- **Work instructions**: The answer required is how many lines of the following entries contain the word "viewBox", with no other words.

- **Recorded information**:
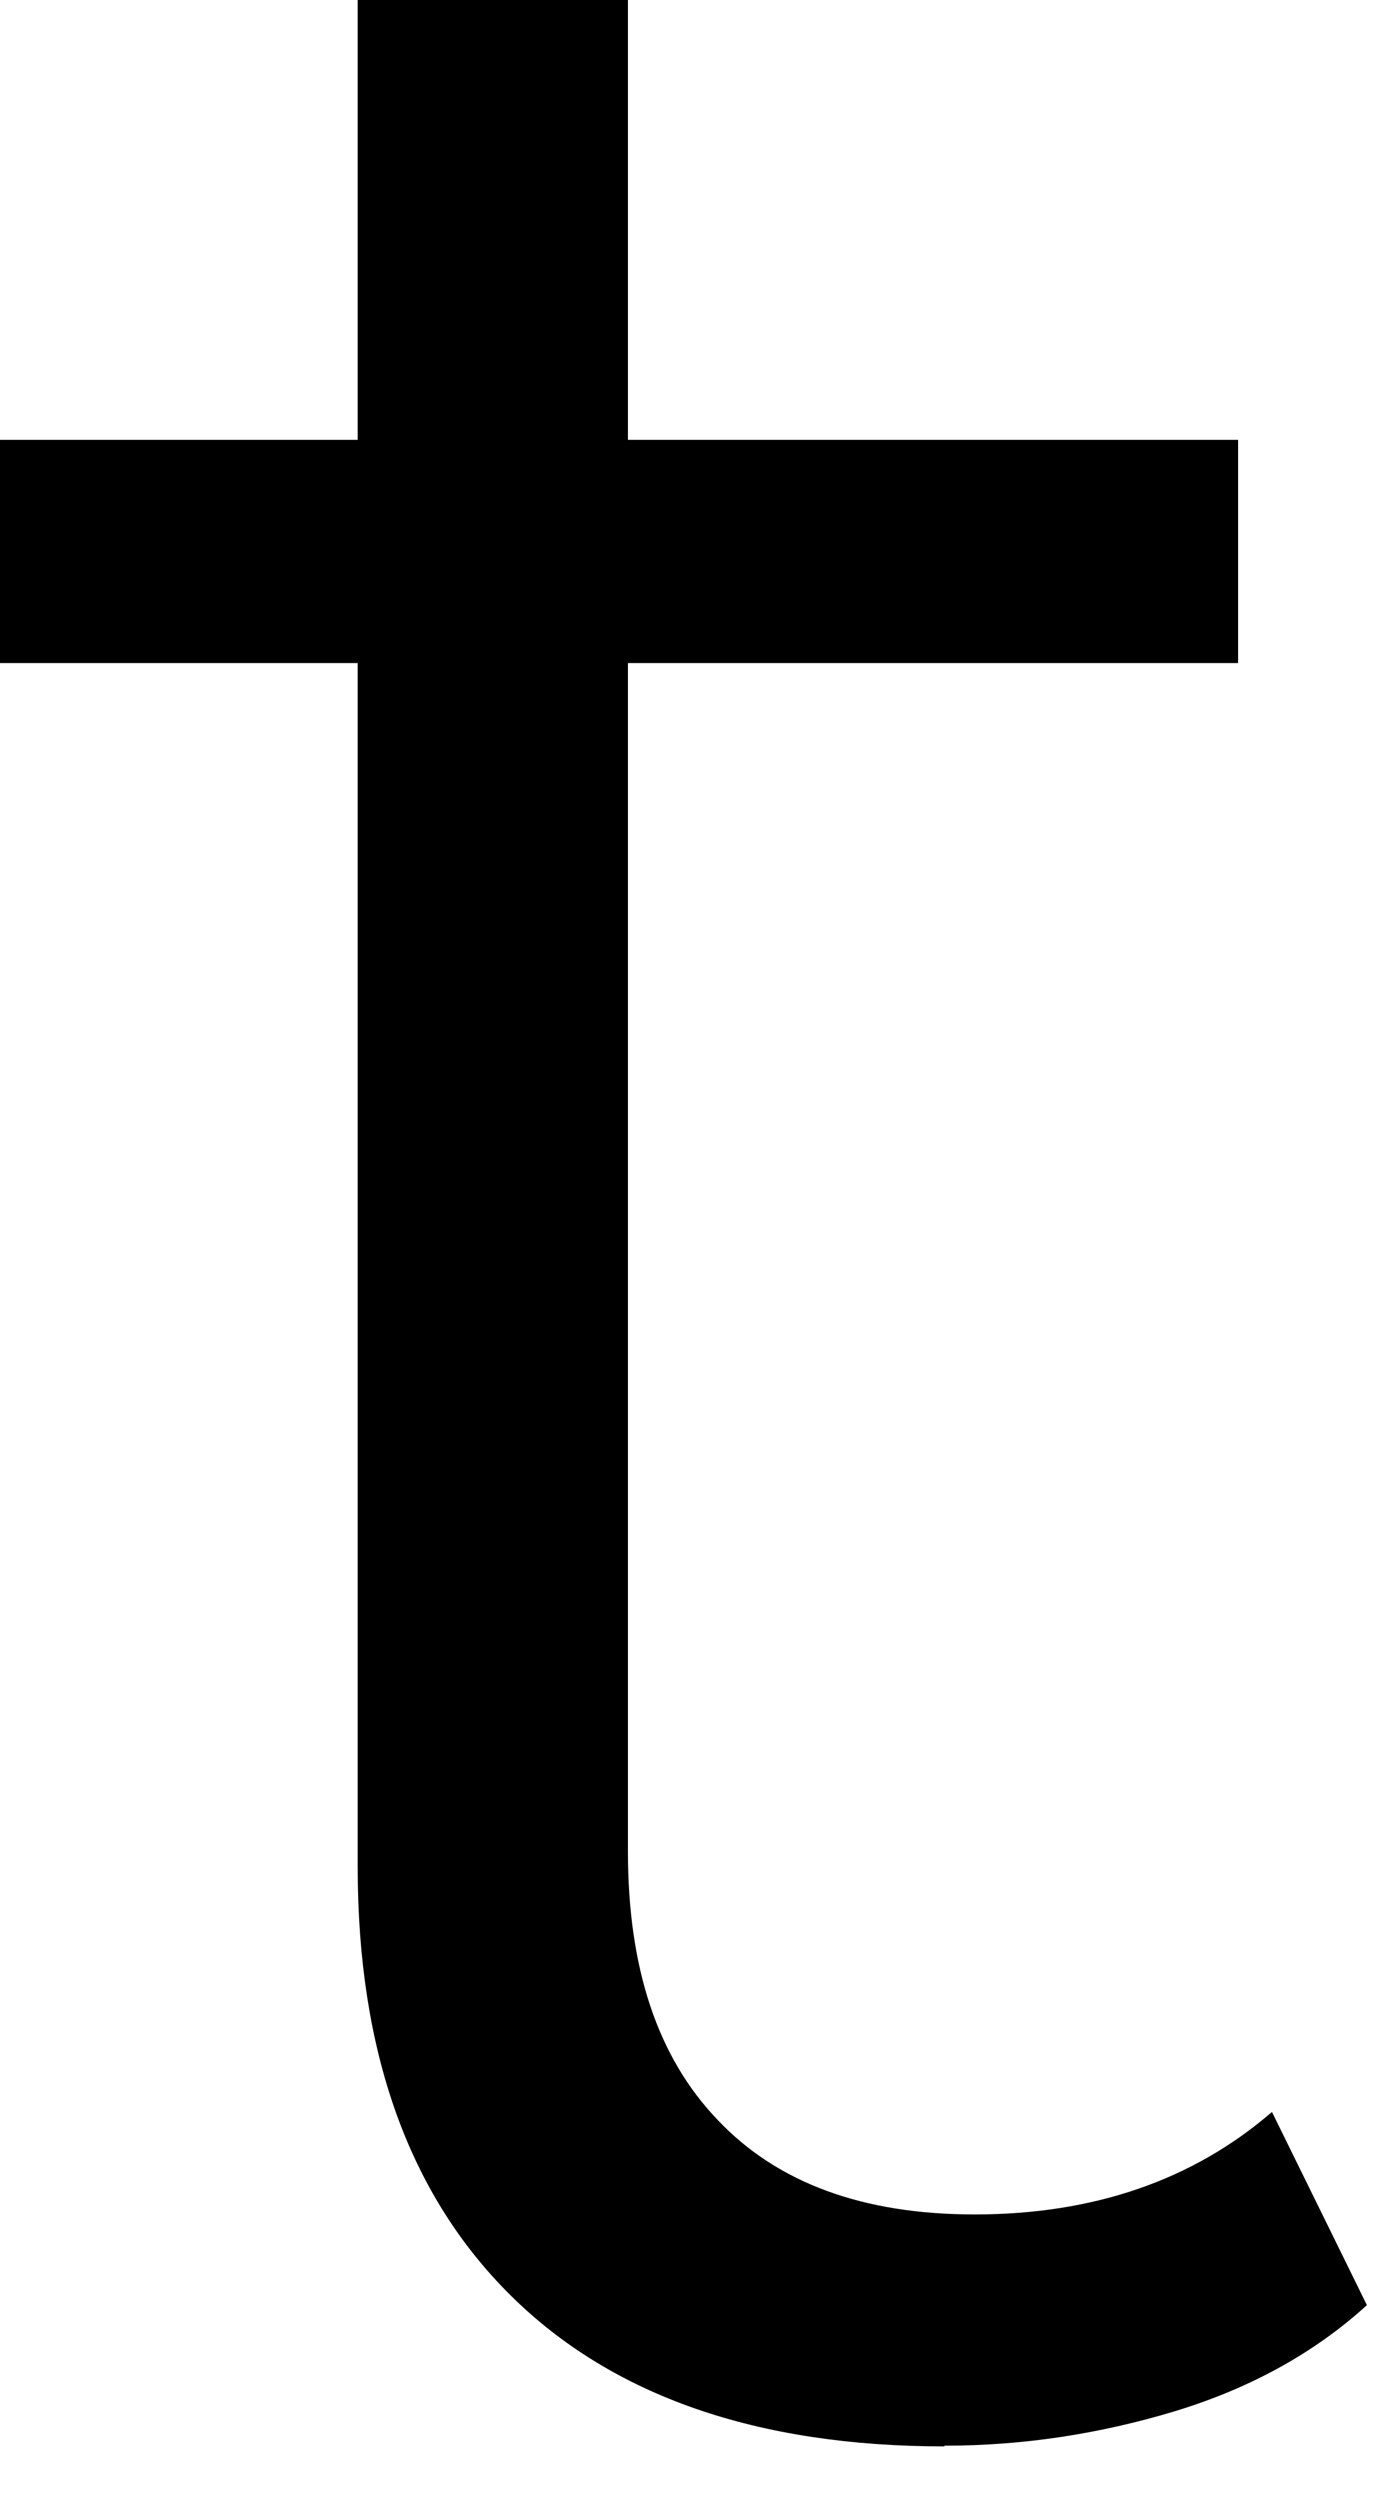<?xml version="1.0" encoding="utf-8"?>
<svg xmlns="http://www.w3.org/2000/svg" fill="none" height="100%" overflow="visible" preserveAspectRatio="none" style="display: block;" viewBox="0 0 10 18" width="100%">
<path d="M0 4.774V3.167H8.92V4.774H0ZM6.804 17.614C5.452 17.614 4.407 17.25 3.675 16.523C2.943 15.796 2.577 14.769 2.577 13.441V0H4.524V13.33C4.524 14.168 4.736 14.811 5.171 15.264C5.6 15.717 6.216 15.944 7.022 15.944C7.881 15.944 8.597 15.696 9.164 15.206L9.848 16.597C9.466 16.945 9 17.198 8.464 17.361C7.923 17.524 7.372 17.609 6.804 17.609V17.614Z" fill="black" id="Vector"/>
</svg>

==

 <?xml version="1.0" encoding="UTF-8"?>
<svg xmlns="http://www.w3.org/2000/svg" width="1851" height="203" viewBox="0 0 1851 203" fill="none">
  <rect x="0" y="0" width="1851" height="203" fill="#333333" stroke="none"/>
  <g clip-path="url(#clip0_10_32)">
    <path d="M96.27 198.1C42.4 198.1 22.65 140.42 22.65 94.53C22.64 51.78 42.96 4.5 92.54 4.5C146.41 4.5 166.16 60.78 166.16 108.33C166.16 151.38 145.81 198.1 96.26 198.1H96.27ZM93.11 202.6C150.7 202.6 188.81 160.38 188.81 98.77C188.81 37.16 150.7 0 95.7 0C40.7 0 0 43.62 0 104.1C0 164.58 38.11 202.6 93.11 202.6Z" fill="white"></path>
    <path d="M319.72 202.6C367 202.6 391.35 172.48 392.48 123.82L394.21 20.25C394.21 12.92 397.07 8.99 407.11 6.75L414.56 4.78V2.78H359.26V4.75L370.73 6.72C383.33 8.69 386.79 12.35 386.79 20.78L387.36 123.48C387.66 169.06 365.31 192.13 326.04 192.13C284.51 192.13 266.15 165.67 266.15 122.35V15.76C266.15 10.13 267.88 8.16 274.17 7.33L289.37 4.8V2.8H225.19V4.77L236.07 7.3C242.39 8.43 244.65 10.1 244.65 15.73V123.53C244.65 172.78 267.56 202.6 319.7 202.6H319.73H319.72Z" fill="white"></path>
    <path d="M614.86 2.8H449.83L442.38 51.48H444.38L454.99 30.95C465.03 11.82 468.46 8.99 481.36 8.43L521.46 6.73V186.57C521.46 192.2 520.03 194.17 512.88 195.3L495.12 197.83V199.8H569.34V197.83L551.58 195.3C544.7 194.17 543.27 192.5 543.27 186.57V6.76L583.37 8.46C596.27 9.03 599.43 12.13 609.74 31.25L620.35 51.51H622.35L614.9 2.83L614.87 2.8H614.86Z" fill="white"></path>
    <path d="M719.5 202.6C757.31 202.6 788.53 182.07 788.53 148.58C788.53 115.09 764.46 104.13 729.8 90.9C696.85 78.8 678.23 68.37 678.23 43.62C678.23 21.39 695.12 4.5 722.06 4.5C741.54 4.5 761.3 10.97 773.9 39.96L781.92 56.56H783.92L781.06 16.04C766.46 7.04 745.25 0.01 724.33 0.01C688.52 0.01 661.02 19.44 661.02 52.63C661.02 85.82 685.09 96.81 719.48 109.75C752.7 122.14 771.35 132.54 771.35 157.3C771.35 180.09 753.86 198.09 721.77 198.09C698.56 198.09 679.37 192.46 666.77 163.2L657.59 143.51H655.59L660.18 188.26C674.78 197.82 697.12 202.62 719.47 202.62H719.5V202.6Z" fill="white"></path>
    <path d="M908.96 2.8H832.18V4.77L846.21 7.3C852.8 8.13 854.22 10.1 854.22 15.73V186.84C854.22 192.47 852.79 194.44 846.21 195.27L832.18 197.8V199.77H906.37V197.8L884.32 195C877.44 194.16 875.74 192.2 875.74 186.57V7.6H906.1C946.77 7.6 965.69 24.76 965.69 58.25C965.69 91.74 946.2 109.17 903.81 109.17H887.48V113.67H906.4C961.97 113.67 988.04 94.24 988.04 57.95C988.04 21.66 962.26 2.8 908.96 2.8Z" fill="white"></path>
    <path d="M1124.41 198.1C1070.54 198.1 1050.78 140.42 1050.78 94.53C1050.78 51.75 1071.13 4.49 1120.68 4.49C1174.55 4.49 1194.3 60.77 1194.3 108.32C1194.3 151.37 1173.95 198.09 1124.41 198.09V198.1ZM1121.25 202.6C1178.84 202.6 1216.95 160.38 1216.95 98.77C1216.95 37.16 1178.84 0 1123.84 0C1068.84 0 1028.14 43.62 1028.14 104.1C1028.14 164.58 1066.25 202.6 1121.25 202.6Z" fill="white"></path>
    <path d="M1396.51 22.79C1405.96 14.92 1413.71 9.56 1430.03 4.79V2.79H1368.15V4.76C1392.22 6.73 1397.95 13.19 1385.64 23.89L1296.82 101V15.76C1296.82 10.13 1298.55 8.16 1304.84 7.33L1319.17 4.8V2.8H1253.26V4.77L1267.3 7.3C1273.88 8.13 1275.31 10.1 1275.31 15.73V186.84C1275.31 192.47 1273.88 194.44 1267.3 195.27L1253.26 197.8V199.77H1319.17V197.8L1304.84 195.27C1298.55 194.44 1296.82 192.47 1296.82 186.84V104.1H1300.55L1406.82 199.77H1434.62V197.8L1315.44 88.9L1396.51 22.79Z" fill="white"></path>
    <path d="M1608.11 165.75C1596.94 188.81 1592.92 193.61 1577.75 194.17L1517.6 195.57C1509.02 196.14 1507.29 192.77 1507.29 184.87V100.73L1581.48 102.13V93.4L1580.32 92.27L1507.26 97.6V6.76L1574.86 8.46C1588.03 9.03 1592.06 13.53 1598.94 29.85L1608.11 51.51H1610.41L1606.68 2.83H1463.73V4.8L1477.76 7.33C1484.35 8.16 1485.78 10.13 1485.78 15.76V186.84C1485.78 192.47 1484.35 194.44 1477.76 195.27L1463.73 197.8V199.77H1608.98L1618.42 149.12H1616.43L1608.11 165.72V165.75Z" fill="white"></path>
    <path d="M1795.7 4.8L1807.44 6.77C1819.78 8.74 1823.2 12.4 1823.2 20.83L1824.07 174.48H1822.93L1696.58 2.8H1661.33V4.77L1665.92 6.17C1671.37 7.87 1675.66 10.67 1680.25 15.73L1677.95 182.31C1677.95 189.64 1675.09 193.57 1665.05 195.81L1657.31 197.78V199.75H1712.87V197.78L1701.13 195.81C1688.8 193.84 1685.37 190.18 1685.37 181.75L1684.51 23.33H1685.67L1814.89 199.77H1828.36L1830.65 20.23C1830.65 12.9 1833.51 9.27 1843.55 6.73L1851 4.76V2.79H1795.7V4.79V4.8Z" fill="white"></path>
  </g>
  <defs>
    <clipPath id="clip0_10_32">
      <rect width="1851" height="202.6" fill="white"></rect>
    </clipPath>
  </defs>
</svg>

- **Task solution**: 2